The passage of time has proven The Painted Word to be an insightful and instructive testament, not only about Modern art’s tow-the-line values, but also of the devastating power that Marxist theory has come to enjoy over Western culture.
The Right Stuff for an Embattled Age
Tom Wolfe can be credited with inventing a jazzed-up street lingo that takes the most high-flown topic and simplifies it to a vital level that readers can embrace. Wolfe’s nonfiction created an empirical language that cuts through the fat of pretense and affectation.
The Right Stuff is a masterpiece of non-fiction creativity. This is a bold work in many ways. For one, Wolfe does not appease postmodern intellectuals by imitating the clinical and artificial language of writers who are more often than not obfuscators, than they are awed by genuine understanding.
In The Right Stuff, the subject and author’s technique command equal attention. Wolfe’s presentation of the up-start American space program and test pilots who volunteered to fill her ranks is a work of perspicuity. One example of this is the author’s realization that to match the energy and devil-may-care bravado of test pilots and astronauts, it was necessary to craft a language that would do justice to his subject matter. Wolfe’s language captured the ethos of confronting human contingency head on; he addresses the pressing danger that test pilots and astronauts embrace.
The history of early American space exploration was a marriage of engineering and bravery that had no precedent. One captivating anecdote of the Mercury 7 astronauts is their demand that NASA build them a capsule they could pilot like an airplane, not just one that was controlled from Earth, like the early capsules that were commandeered by chimpanzees.
It has gone unnoticed by many critics of The Right Stuff that the book chronicles the creative acts of differentiated persons who are making their way in the world, what Milton calls in Paradise Lost, darkness visible.

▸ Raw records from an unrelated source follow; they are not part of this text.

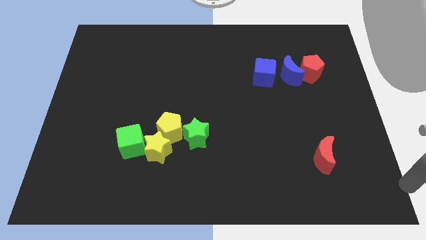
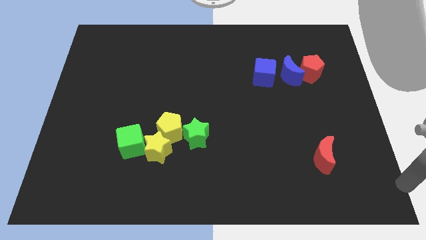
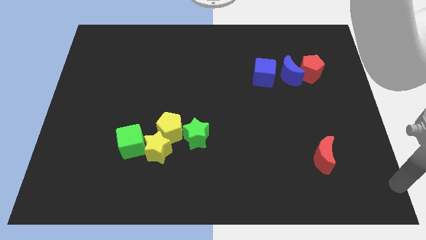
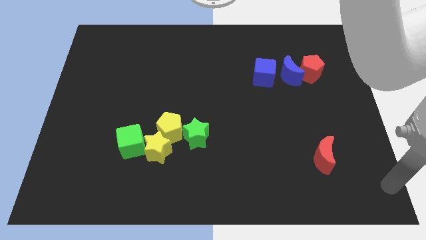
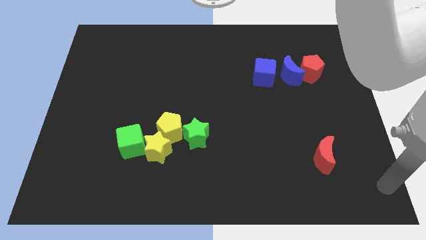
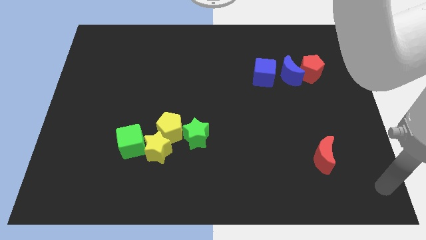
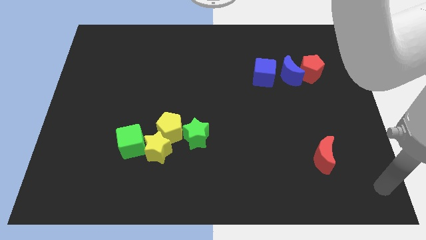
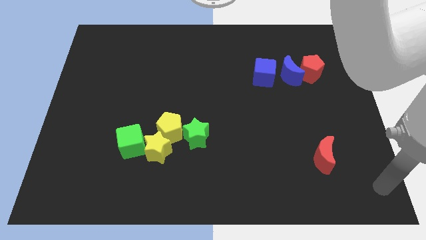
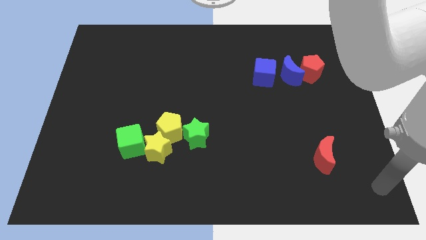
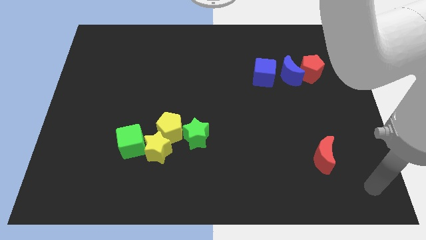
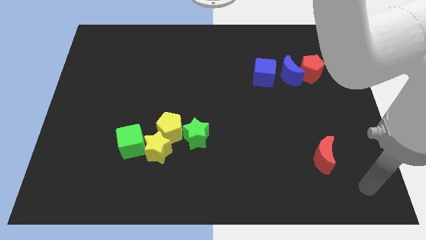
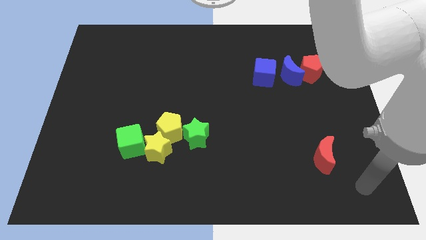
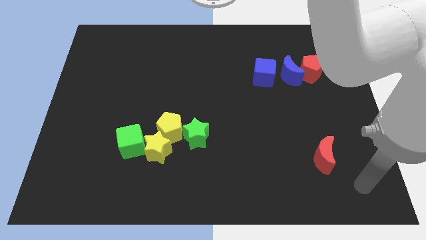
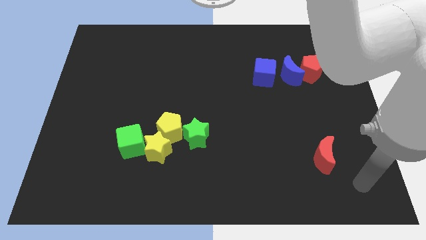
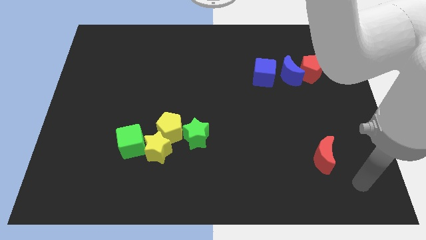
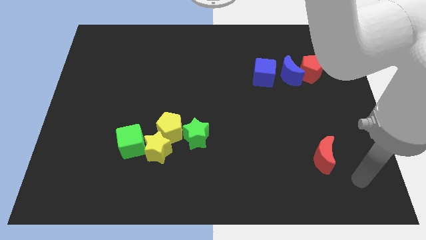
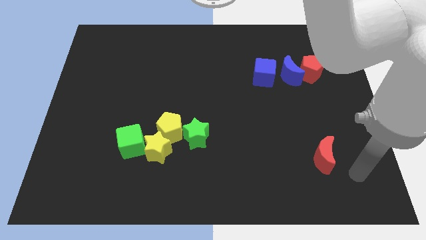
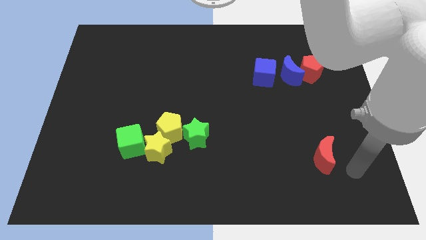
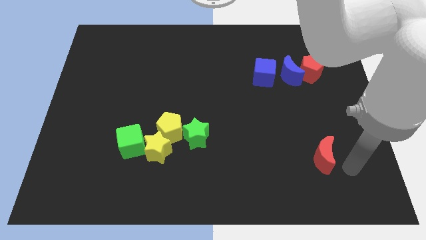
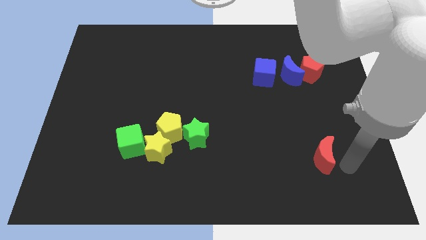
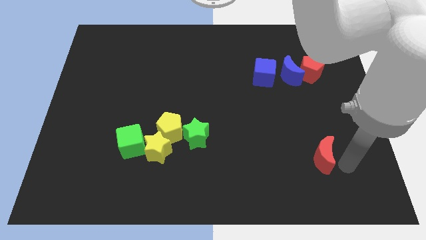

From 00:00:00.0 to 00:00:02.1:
move your arm right to the red crescent

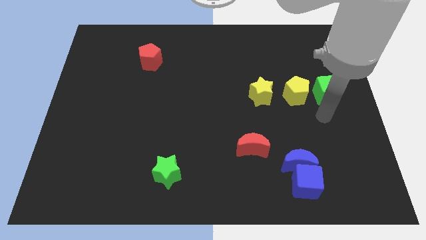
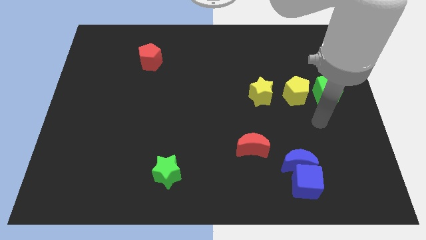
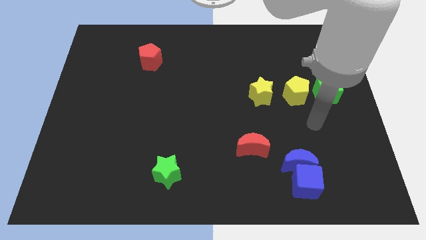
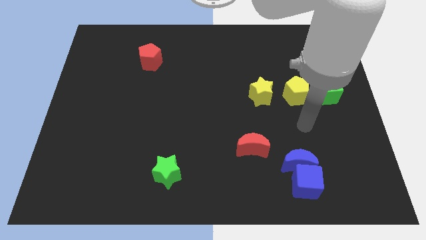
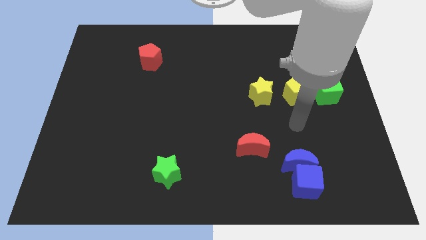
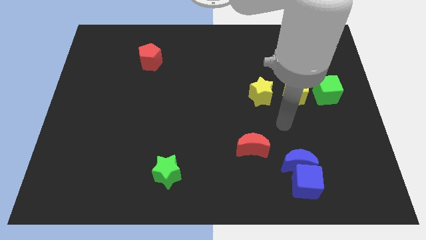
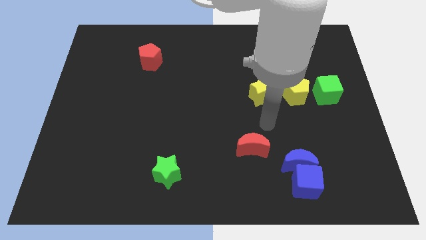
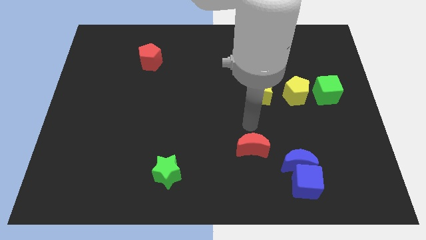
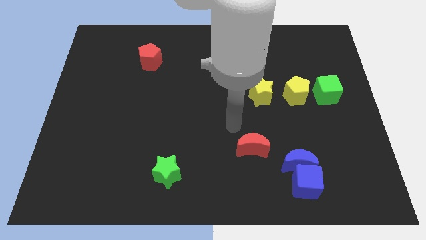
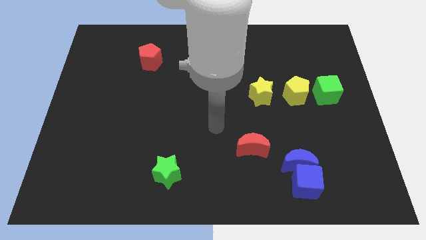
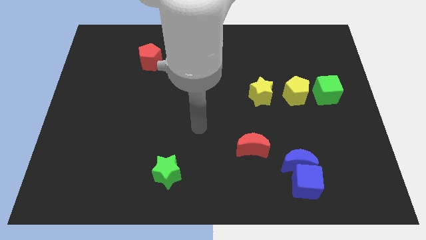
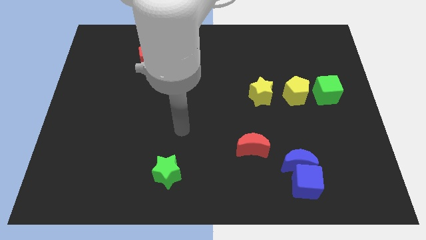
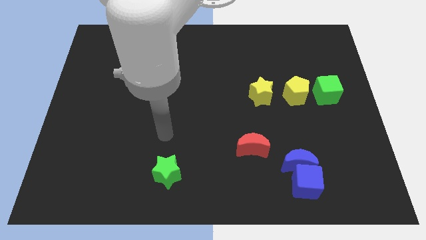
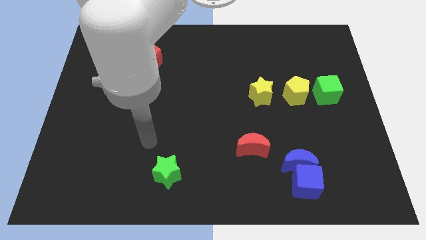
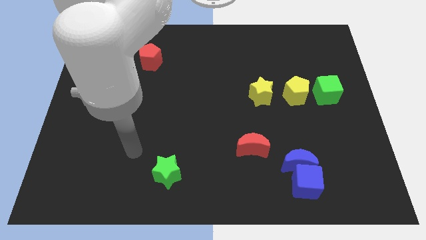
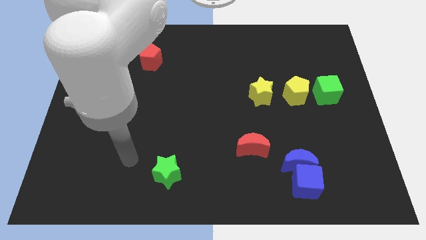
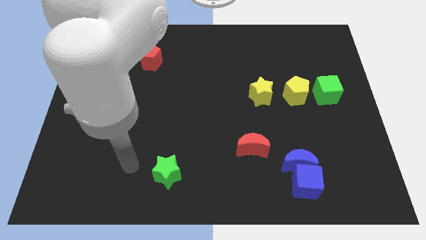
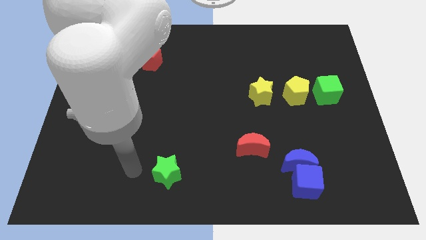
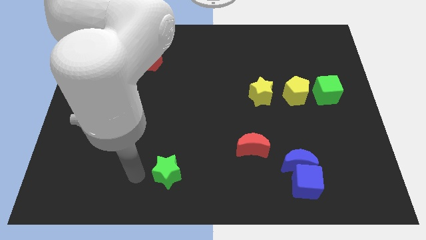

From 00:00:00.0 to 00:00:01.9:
move your arm to the left side of the green star

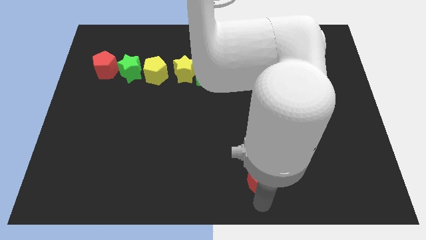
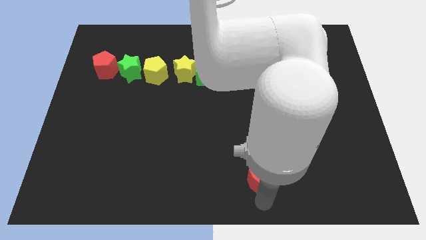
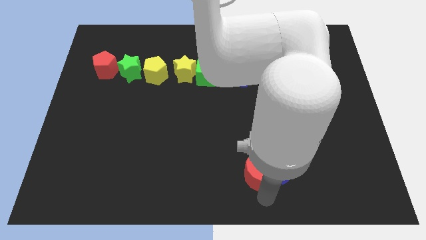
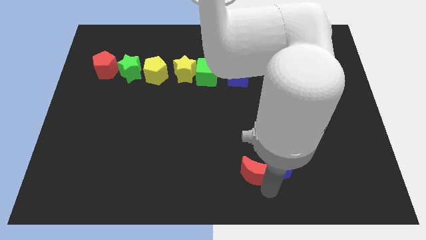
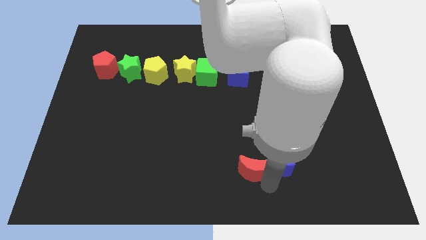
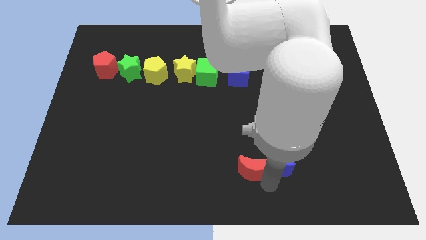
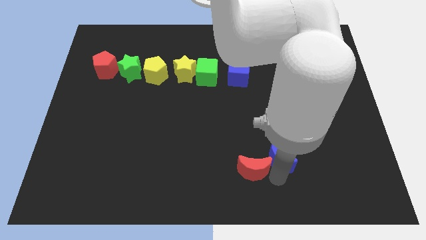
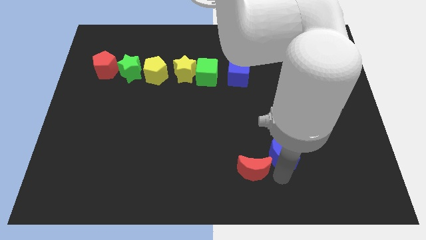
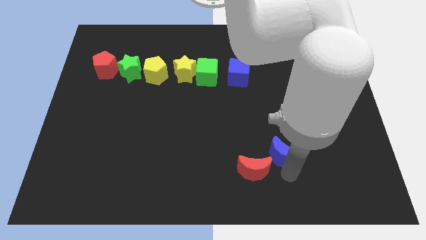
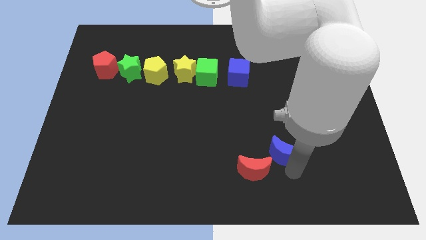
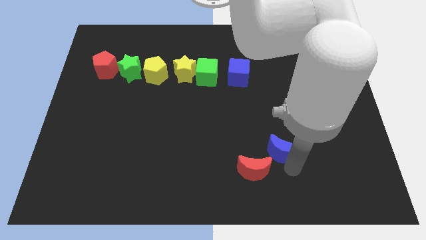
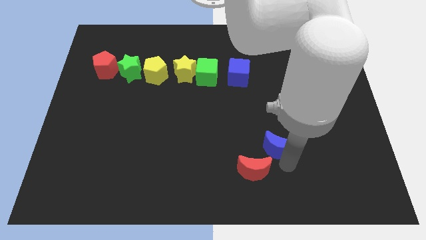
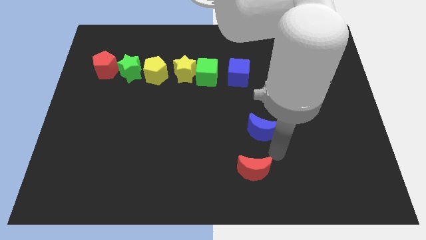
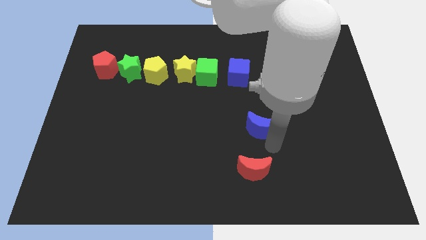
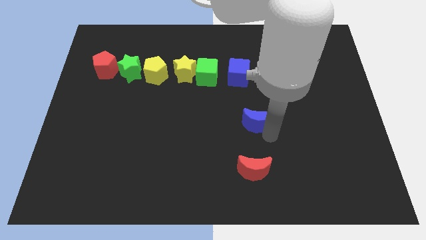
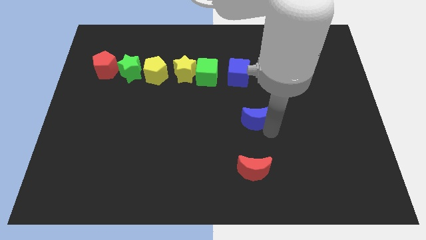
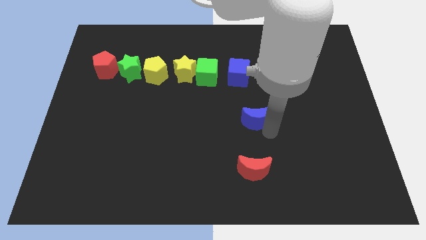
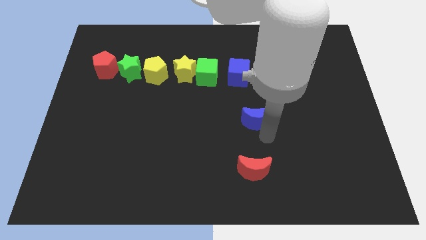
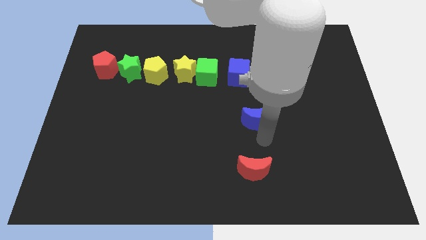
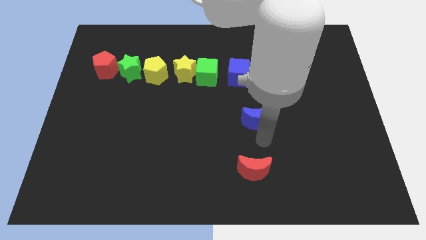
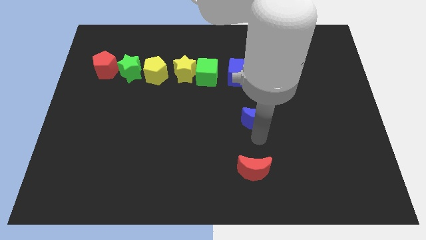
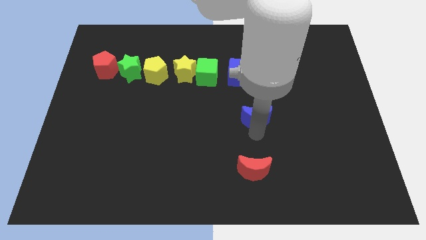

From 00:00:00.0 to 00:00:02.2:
push blue crescent above red crescent

The test pilot is truly a knight of the sky, perhaps not like the errant Don Quixote chasing windmills, but braving the difficulties of the world nonetheless. For, even though the early American space program was the work of many people, it is also true that the individuals involved were the best people for the job. Creativity can be said in many ways.
The Right Stuff is a fine depiction of the science of the space program. In the preface to the book, Wolfe explains that he was motivated to write The Right Stuff because he was intrigued by the character of test pilots. He wanted to know what kind of people willingly sit atop a “roman candle” and do not flinch.
A close reading of The Right Stuff that is coupled with rudimentary knowledge of aviation history bears out the merit of Wolfe’s question. Wolfe makes it clear that after WWI, progressive intellectuals picked on officers as blameworthy for warfare in the twentieth century. On the contrary, Wolfe explains, the test pilots and officers who developed America’s space program were fearless visionaries.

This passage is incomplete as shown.